Fenton‐RAFT Polymerization: An “On‐Demand” Chain‐Growth Method

Fine control over the architecture and/or microstructure of synthetic polymers is fast becoming a reality owing to the development of efficient and versatile polymerization techniques and conjugation reactions. However, the transition of these syntheses to automated, programmable, and high‐throughput operating systems is a challenging step needed to translate the vast potential of precision polymers into machine‐programmable polymers for biological and functional applications. Chain‐growth polymerizations are particularly appealing for their ability to form structurally and chemically well‐defined macromolecules through living/controlled polymerization techniques. Even using the latest polymerization technologies, the macromolecular engineering of complex functional materials often requires multi‐step syntheses and purification of intermediates, and results in sub‐optimal yields. To develop a proof‐of‐concept of a framework polymerization technique that is readily amenable to automation requires several key characteristics.

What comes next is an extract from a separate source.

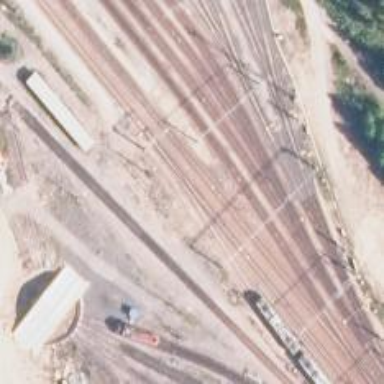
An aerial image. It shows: Railway signal.

In this study, a new approach is described that is believed to meet these requirements, thus opening avenues toward automated polymer synthesis. Polymers on demand: A facile technique for the synthesis of controlled polymers is realized by using the Fenton reaction. The ability to degas the reaction mixture by using the same catalyst system and then grow the polymer chain through sequential H2O2 addition is highly promising for the development of an automated/programmable polymerization system utilizing sequenced reagent injection. The benign reaction conditions (room temperature, aqueous solvent) are non‐demanding, and the system is demonstrated to be compatible with a range of functional monomers.